*** Opening TASK MATERIAL ***
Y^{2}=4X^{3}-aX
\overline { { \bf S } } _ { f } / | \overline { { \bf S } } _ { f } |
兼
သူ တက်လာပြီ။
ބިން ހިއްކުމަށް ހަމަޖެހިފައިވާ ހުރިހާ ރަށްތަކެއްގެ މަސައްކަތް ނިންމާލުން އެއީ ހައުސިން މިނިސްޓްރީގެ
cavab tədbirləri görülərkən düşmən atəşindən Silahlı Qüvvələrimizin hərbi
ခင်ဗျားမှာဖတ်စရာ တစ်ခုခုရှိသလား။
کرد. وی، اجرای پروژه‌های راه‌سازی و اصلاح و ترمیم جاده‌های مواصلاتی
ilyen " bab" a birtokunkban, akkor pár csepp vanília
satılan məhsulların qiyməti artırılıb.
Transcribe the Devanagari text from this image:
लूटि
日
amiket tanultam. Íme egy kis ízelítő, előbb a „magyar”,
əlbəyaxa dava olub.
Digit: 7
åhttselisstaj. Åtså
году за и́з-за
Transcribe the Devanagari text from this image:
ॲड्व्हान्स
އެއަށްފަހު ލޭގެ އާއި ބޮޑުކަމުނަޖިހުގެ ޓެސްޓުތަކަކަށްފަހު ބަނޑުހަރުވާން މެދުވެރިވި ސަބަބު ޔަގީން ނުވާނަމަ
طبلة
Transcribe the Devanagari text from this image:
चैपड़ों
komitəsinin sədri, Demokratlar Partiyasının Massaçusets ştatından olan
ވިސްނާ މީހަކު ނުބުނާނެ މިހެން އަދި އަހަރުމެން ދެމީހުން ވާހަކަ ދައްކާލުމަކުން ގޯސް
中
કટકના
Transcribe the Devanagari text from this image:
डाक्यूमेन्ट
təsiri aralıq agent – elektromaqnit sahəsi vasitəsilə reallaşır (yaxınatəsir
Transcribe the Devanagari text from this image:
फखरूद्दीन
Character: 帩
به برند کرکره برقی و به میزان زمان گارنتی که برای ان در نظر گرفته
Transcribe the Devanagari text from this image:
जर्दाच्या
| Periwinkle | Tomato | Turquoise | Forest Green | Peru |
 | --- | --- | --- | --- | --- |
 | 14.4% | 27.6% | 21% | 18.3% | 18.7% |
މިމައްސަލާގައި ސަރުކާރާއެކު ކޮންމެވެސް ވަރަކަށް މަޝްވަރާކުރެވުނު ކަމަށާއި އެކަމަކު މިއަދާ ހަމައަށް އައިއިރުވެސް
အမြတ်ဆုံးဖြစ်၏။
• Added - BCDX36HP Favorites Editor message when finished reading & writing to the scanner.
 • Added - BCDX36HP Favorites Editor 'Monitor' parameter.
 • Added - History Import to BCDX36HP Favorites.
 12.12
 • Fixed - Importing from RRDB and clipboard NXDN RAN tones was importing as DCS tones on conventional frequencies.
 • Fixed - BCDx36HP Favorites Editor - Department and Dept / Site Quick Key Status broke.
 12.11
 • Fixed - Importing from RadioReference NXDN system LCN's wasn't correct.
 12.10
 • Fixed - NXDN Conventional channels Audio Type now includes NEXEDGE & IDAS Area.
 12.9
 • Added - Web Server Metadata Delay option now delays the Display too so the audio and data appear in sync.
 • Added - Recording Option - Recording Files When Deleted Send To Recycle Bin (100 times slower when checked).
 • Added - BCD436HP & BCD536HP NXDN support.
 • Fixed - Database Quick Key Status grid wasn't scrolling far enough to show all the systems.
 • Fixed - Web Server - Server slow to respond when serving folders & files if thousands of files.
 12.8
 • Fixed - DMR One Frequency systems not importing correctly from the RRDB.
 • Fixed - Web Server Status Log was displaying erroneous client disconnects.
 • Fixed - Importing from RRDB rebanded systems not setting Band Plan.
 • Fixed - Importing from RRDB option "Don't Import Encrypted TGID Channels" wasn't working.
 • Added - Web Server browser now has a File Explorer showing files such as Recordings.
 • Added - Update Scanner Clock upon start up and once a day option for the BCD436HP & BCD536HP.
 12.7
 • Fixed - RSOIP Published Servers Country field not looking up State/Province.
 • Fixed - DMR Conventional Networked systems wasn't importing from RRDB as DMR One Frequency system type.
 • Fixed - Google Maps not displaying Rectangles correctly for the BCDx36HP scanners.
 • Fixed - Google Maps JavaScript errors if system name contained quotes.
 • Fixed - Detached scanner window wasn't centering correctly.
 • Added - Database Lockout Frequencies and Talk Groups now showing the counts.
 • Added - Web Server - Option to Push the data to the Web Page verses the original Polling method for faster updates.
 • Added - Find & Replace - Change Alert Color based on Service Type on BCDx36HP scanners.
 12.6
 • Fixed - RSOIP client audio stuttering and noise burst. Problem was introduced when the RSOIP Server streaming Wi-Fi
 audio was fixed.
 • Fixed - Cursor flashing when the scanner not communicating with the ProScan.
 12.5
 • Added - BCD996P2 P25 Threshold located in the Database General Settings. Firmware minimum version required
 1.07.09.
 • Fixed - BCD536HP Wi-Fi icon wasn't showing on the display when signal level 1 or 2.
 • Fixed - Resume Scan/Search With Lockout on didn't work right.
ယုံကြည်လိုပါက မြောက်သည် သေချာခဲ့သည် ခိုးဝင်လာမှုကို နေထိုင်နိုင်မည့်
*** Closing TASK MATERIAL ***
### WORK INSTRUCTIONS
Please go over the data above and copy each line with "Quick" in it.

### EXERCISE OUTPUT
 • Fixed - BCDx36HP Favorites Editor - Department and Dept / Site Quick Key Status broke.
 • Fixed - Database Quick Key Status grid wasn't scrolling far enough to show all the systems.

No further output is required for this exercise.